= Sun Current newspapers =

Newspapers in Minnesota

The Sun Current are a series of newspapers that are or have been published in Minnesota. As of 2023, two surviving newspapers were edited by Sun Current Newspapers of Eden Prairie, Minnesota, a subsidiary of Adams Publishing Group.

==Historical newspapers==
As of 2017, according to the Minnesota Newspaper Association, the titles included:

• Bloomington Sun Current. Published weekly since before 1994, publication subsequently ceased in November 2018, when it merged with the Richfield Sun Current to form the Bloomington-Richfield Sun Current. The paper was originally published in Bloomington, but later the editorial moved to Eden Prairie. As of 2023, the Minnesota History Center maintained a set of archives of the issues of the Bloomington Sun Current, as did the Bloomington Historical Society at its Old Town Hall Museum.

• Eden Prairie Sun Current. Publication began in September 2002 and ceased in August 2019, when it merged with the Sun Sailor. In its final year the paper was reported to have an average run of 3134 copies. As of 2023, The Minnesota History Center maintained a set of archives of its issues.

• Edina Sun Current, published weekly as of 2023. The paper has been published since July 16, 1984.

• Richfield Sun Current. Publication ceased in 2018 when it merged with the Bloomington Sun Current to form the Bloomington-Richfield Sun Current.

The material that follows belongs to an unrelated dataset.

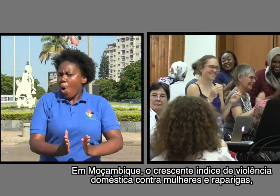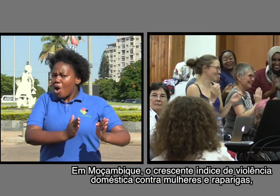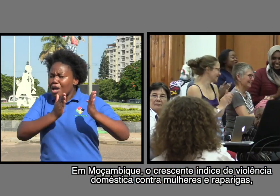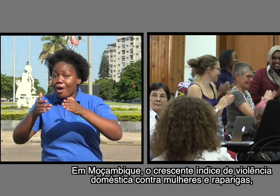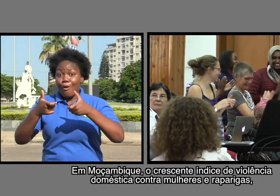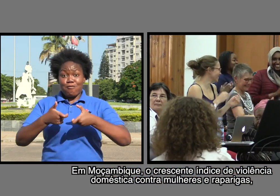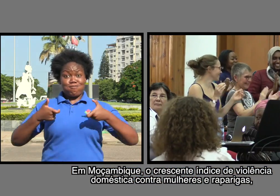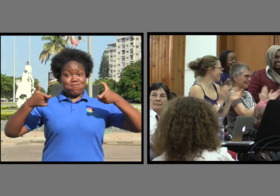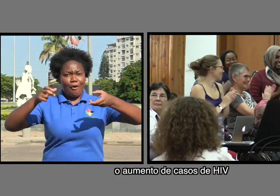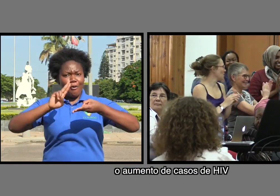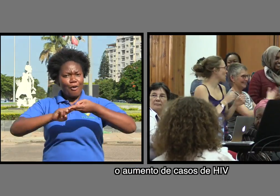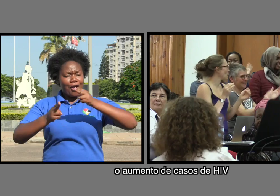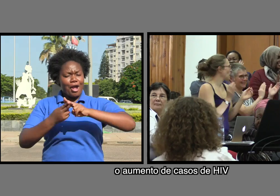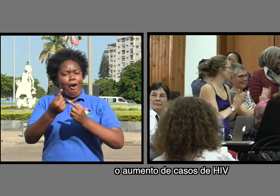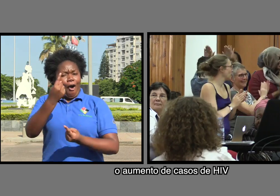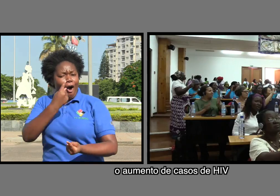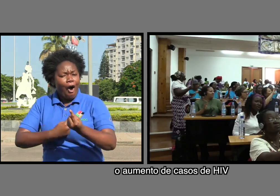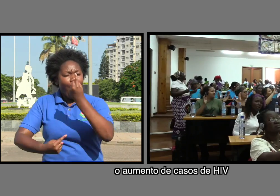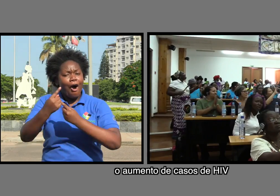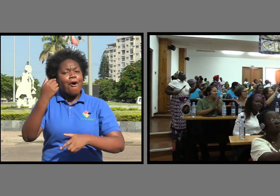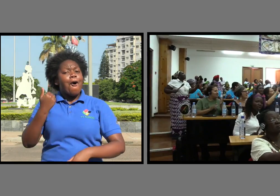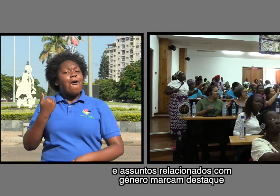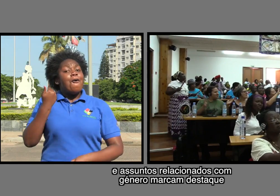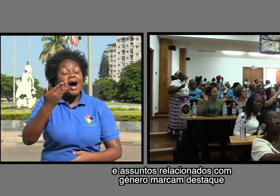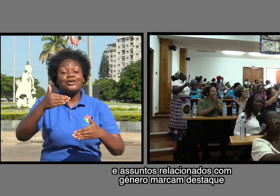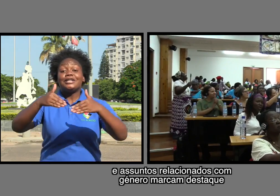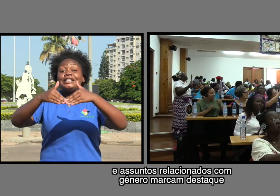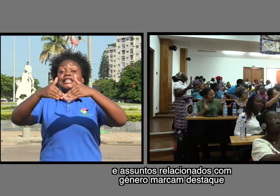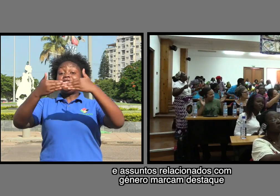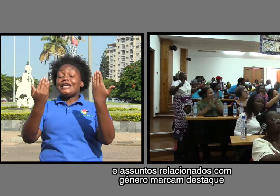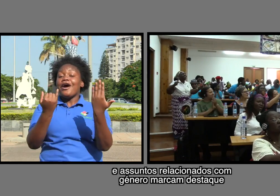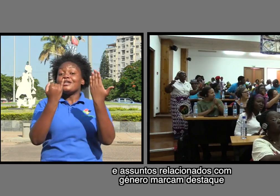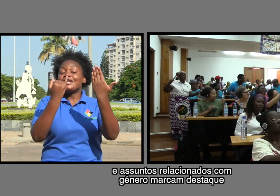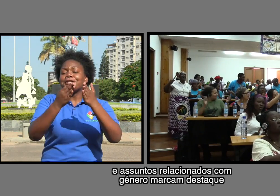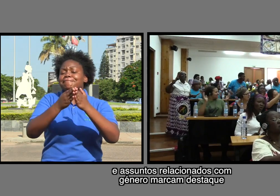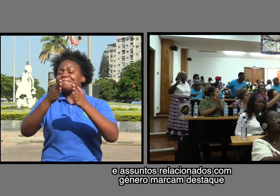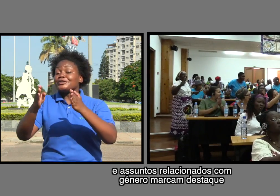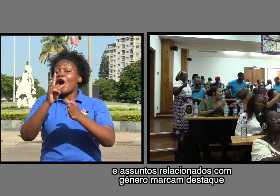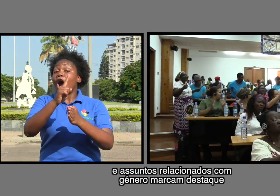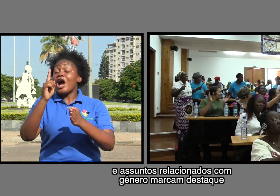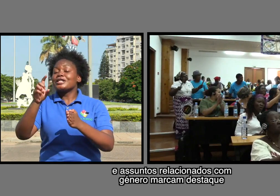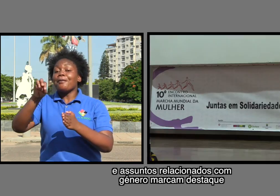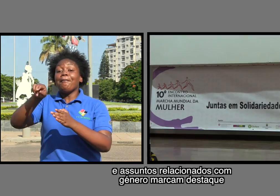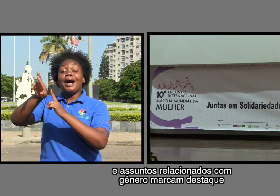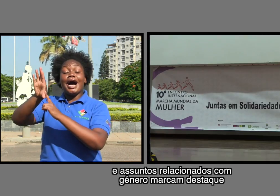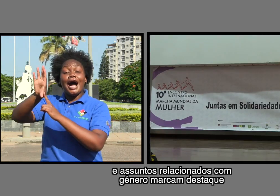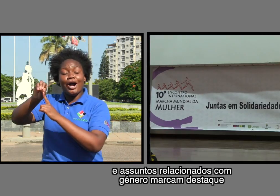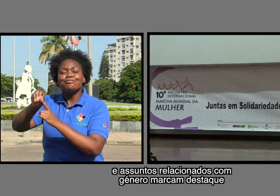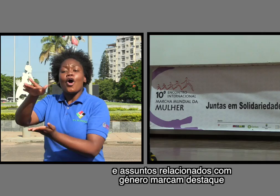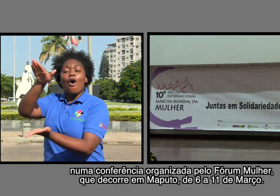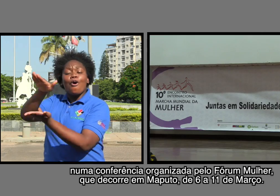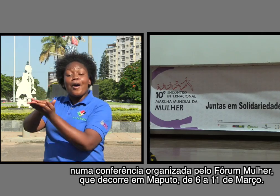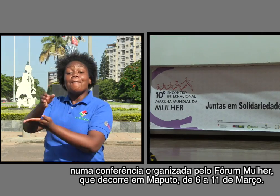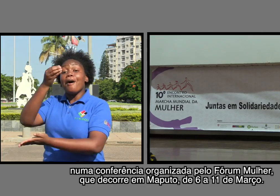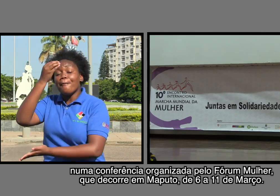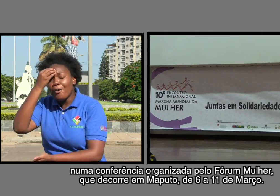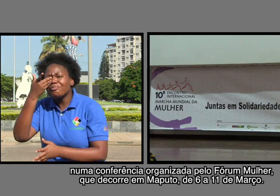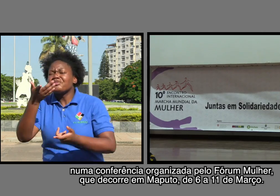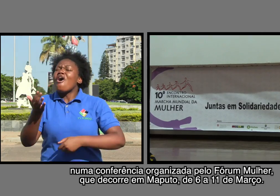raparigas, o aumento de casos de HIV e assuntos relacionados com gênero, marca um destaque numa conferência organizada

The Edina Sun-Current, Eden Prairie Sun-Current, and Richfield Sun-Current were all distributed in print media and were considered part of the Twin Cities Metro Area market.

==Current newspapers==
As of early 2023, Adams Publishing Group claimed current publication of:

• Bloomington-Richfield Sun Current, published weekly in Eden Prairie since December 2018, resulting from the merger of the Richfield Sun Current and the Bloomington Sun Current; and publication of the aforementioned Edina Sun Current.

==Circulation==
As of 2023, the editorial claimed over 20,000 readers of the Sun Current newspapers. On its July 2019 report, the Minnesota Newspaper Association reported over 3,000 readers for the Eden Prairie Sun Current, over 6,000 for the Edina Sun Current, and over 11,000 for the Bloomington-Richfield Sun Current.

In March 2024, Sun Current announced it was switching to a paid subscription model.